DATA PROVIDED —
--- START ---
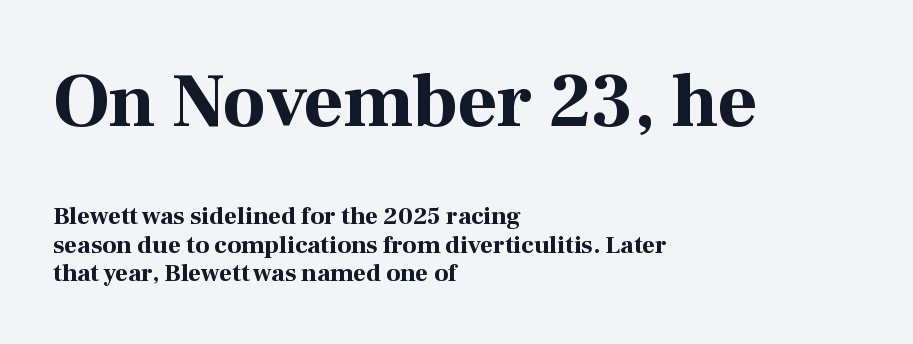
Q: Is the text bold? A: Yes.
Q: Is the text italic (slanted)? A: No, it is upright.
Q: Is the typeface a serif or a sans-serif typeface? A: Serif.
Q: Is the text underlined? A: No.
Q: How is the paragraph aligned? A: Left-aligned.
Q: Is the spacing between letters normal or unusually wide? A: Normal.
Q: Is the spacing between lines tight, normal or loose? A: Tight.
Q: Which block of text is set in a larger size, the first (top) or the second (bottom)? A: The first (top) one.
Q: Width (condensed, normal, or wide)? A: Normal.
Q: Stroke contrast? A: High.
Q: x-height? A: Medium.
Q: Monospaced? A: No.
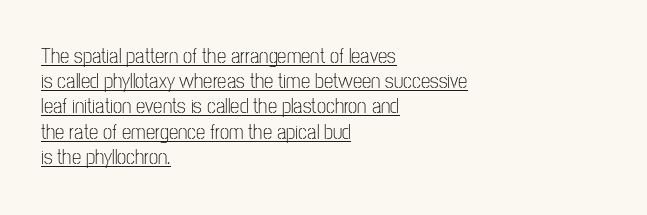
Default kerning and tracking; the words read as compact shapes. Unbolded letterforms with no extra heft. The string is rendered with underlining switched on. Does the lettering tilt? It doesn't — this is upright. The rag falls on the right side of this text block.
--- END ---
EXERCISE BRIEF — Omit the pictures, then copy out all the data exactly as it stands.

RESULT FOR THIS EXERCISE —
Q: Is the text bold? A: Yes.
Q: Is the text italic (slanted)? A: No, it is upright.
Q: Is the typeface a serif or a sans-serif typeface? A: Serif.
Q: Is the text underlined? A: No.
Q: How is the paragraph aligned? A: Left-aligned.
Q: Is the spacing between letters normal or unusually wide? A: Normal.
Q: Is the spacing between lines tight, normal or loose? A: Tight.
Q: Which block of text is set in a larger size, the first (top) or the second (bottom)? A: The first (top) one.
Q: Width (condensed, normal, or wide)? A: Normal.
Q: Stroke contrast? A: High.
Q: x-height? A: Medium.
Q: Monospaced? A: No.
Default kerning and tracking; the words read as compact shapes. Unbolded letterforms with no extra heft. The string is rendered with underlining switched on. Does the lettering tilt? It doesn't — this is upright. The rag falls on the right side of this text block.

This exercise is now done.